Beginning in 2010, this organization began to enhance their system with the IDIQ Task Order Management “framework” that is the basis of R3 IDIQ Task Order Management today. At that time we had begun to provide an off-the-shelf solution incorporating the key elements for IDIQ Task Order Management. The flexibility enabled it to be implemented as an enhancement and customized by the customer using the built-in configuration Wizards and tools.
Over the years, they have incrementally enhanced their technical environment and their operational system. This single environment has been successfully ported from SharePoint 2003 (what they started with in 2005) to SharePoint 2007 to SharePoint 2010 and now is running on SharePoint 2013. With the platform approach and IDIQ Task Order solution framework the operational system has been able to be continuously enhanced without having to develop and support custom compiled code at any point. This has enabled the PMO to continually meet their SLAs and do so with lower costs and risk.
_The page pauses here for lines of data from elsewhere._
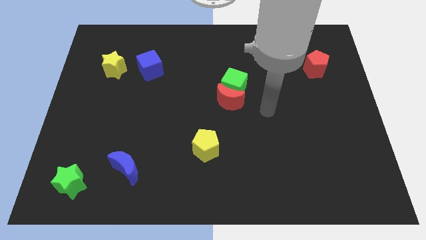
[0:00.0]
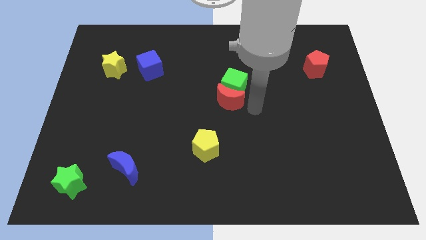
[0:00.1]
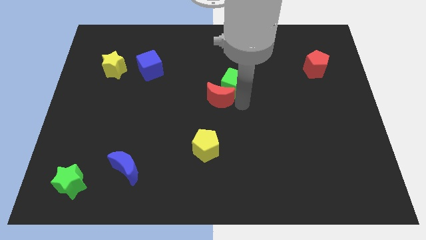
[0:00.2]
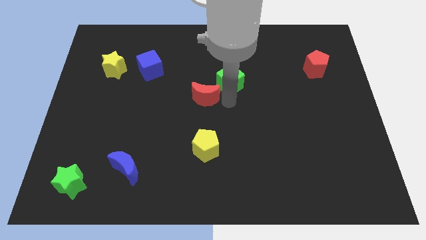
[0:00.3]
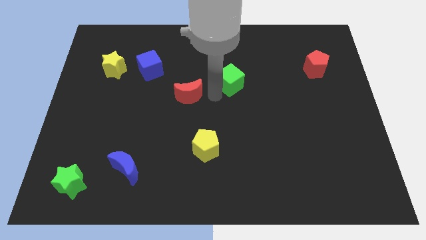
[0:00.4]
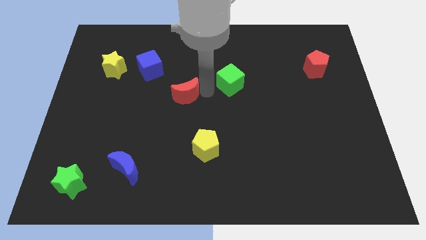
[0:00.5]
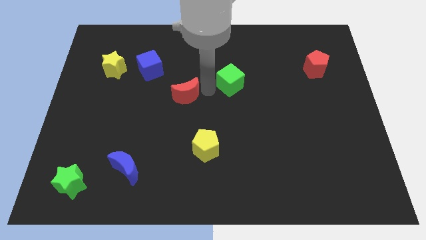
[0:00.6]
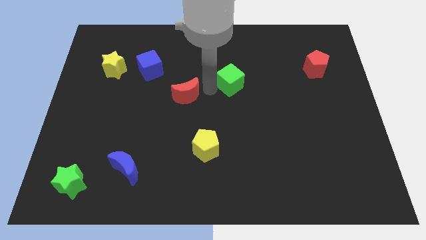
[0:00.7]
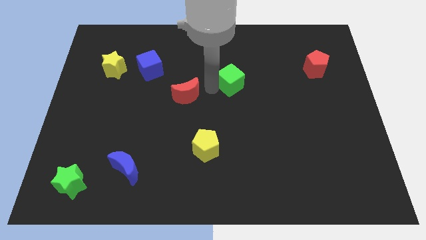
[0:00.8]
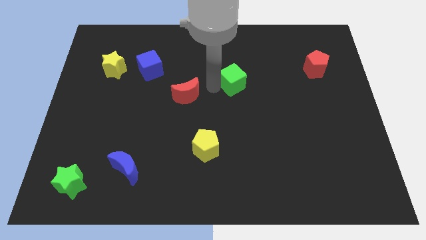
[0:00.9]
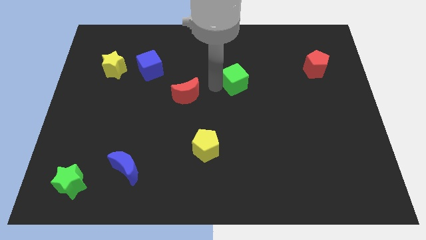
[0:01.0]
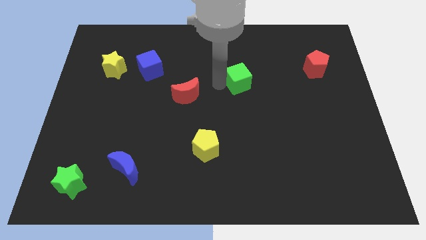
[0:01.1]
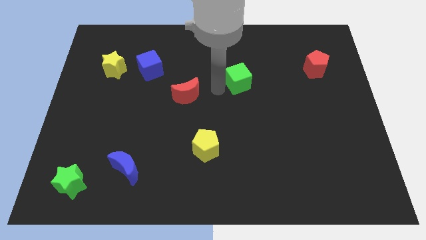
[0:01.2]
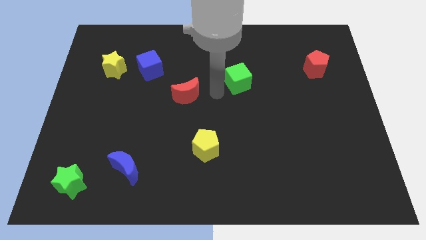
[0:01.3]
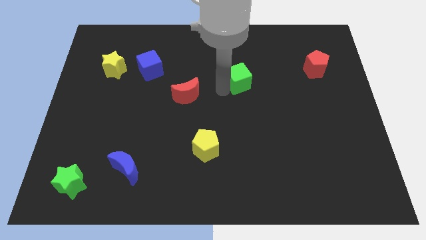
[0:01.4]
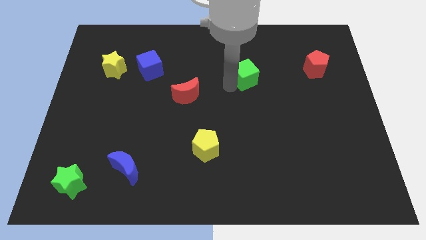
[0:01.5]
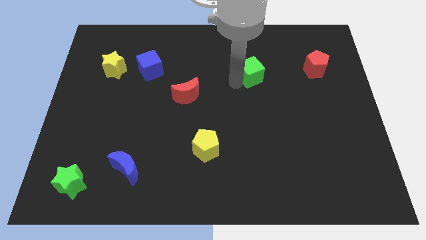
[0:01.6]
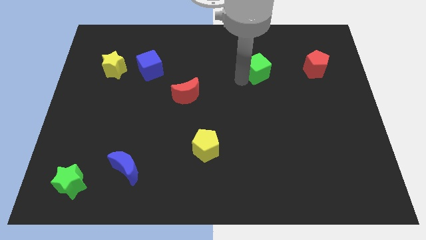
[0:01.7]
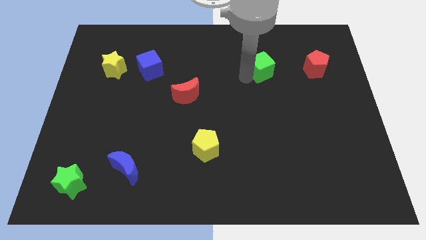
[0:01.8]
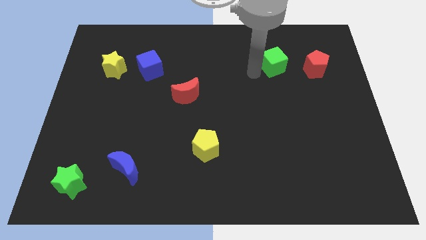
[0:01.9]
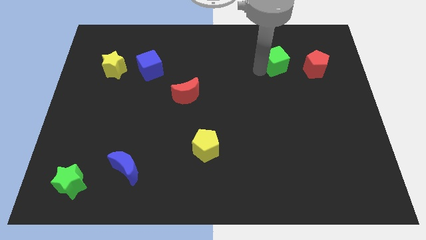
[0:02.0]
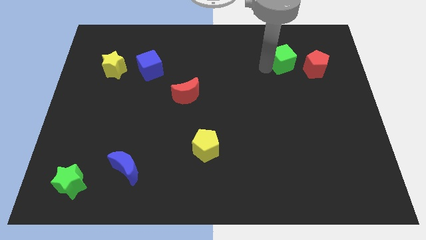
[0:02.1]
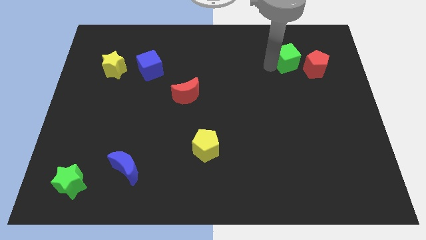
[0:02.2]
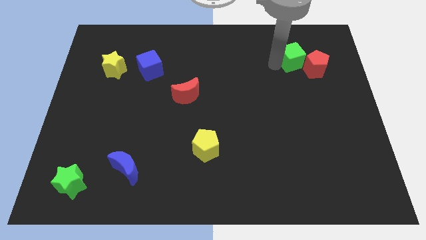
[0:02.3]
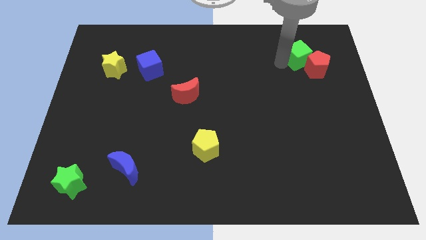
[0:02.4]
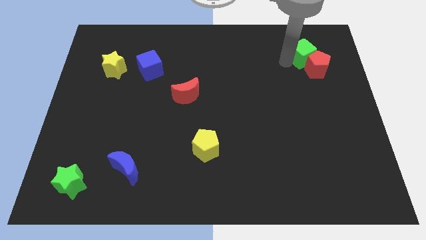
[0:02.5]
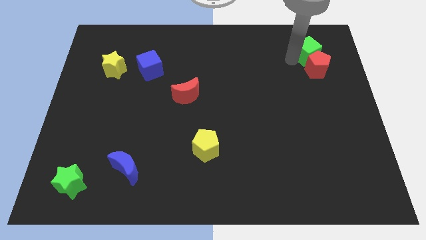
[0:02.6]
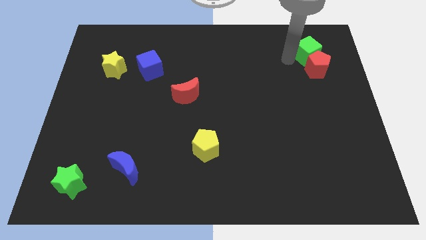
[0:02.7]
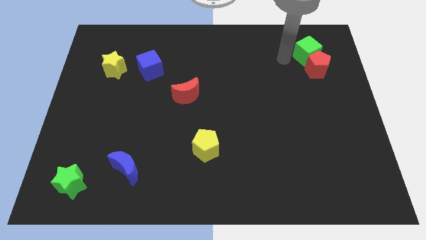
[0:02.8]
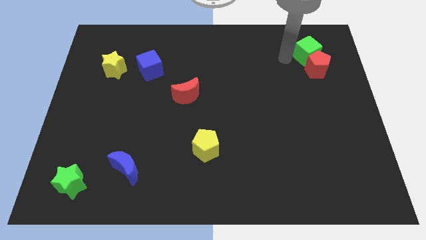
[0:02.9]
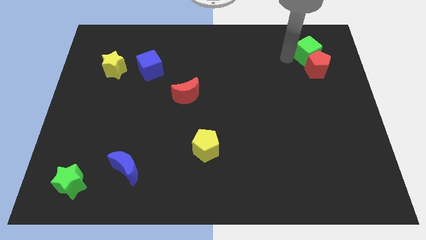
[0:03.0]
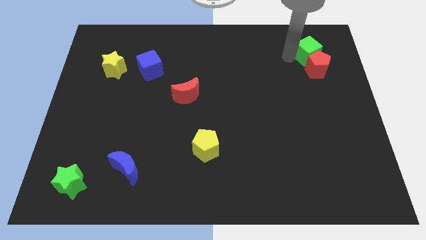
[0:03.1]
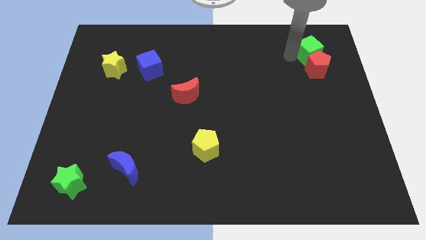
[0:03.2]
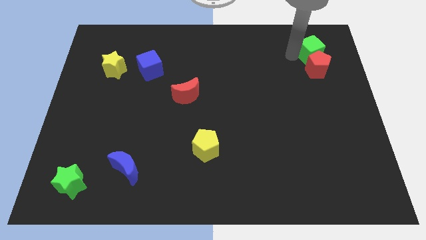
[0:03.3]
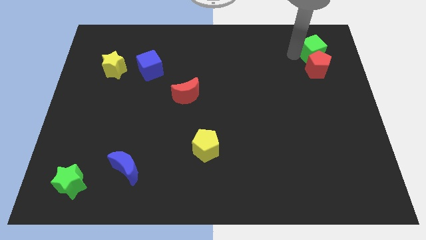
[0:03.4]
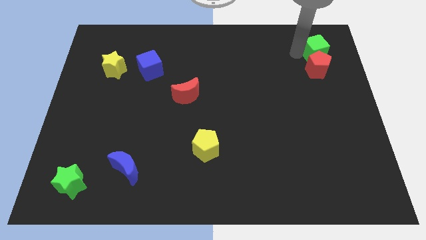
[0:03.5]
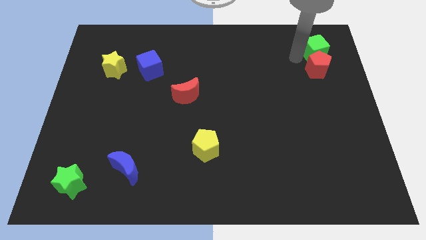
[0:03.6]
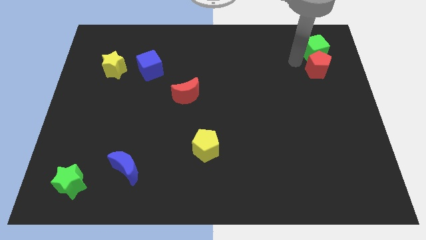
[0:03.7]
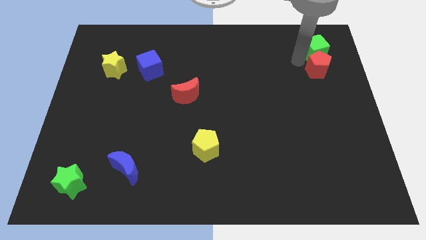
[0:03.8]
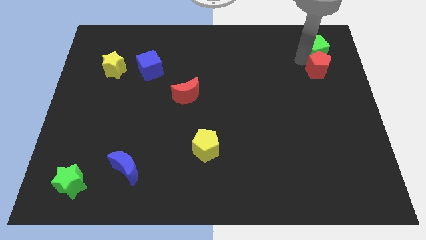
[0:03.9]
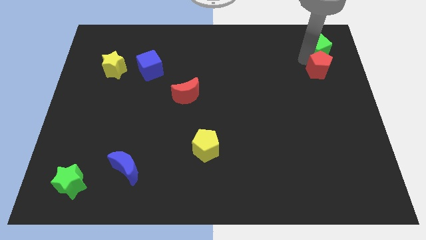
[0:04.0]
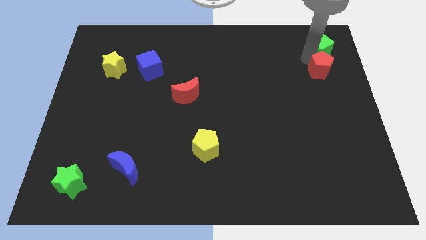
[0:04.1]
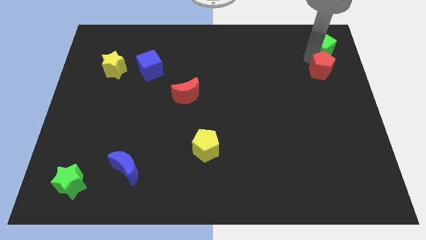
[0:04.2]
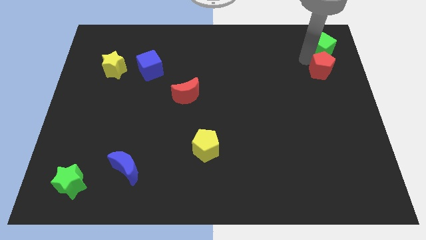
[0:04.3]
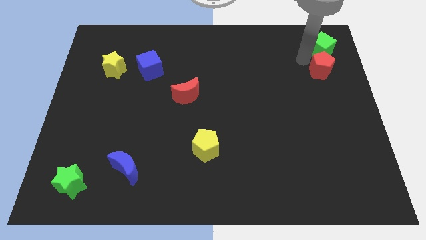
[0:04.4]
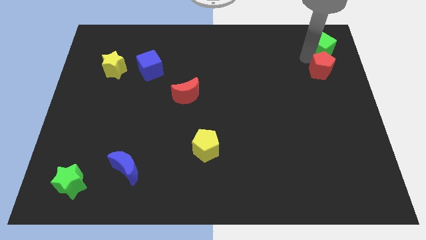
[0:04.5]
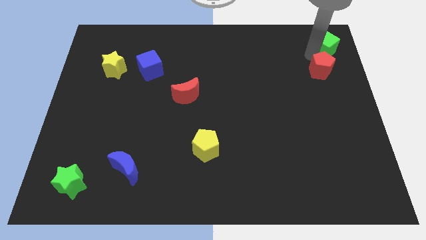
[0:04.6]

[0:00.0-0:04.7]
push the green cube to the top right corner

Over the 11 years of operations many best practices have evolved. One is the New Vehicle Onramp. When a new Vehicle is added for support to the PMO, particularly IDIQ vehicles owned by the Business Groups, they are brought online through a structured process whereby the PMO custom tailors the way the work will be done for that Vehicle in response to the requirements of the Program Manager. This “service-oriented” Onramp approach benefits the PMO because the Task Order activity becomes part of their centrally managed system enabling enterprise visibility and real-time analytics and it optimizes the work of the Business Group.
During 2014, the system was enhanced to integrate with their new enterprise Business Intelligence system running on Microsoft Dynamics. This was accomplished using the Integration API that was part of the version 11 release of the application framework. It did not require any custom code development. The full history of the Task Order business for 11 years is now part of the Business Intelligence warehouse. This information is programmatically updated on a continuous basis. This has been an important addition as overall Federal Government contract award value has declined and success depends increasingly on recompetes of existing contracts for both defending their contracts and attacking competitors.
Result
Today, the full IDIQ/GWAC PMO is run by a team of just 7 people. This includes PMO management, task order managers for intake and process support and all technical support. This team handles the full operational workload and the full system. They are currently handling more than 2,000 Task Orders per year across 28 GWAC and IDIQ vehicles.
They are able to achieve this high level of productivity for many reasons. A few key ones are 1) the longevity of the core team, 2) there is no duplication of information in the process and 3) the work is streamlined, visible and automated so that little manual work is required at any point and there are no gaps for things to fall through the cracks. All of their work occurs in collaboration with participants across world-wide distributed Business Groups and thousands of Teaming Partners.
Throughout the 11 years, the core PMO vision and their “enterprise shared services” approach, the 4 initial key operational elements above, and their technical system approach have remained constant. Their success is a result of a visionary program management team that still manages the PMO 11 years later and an effective technology approach that has enabled them to continuously and incrementally evolve their operational system to adopt new technology releases and to meet changing operational needs.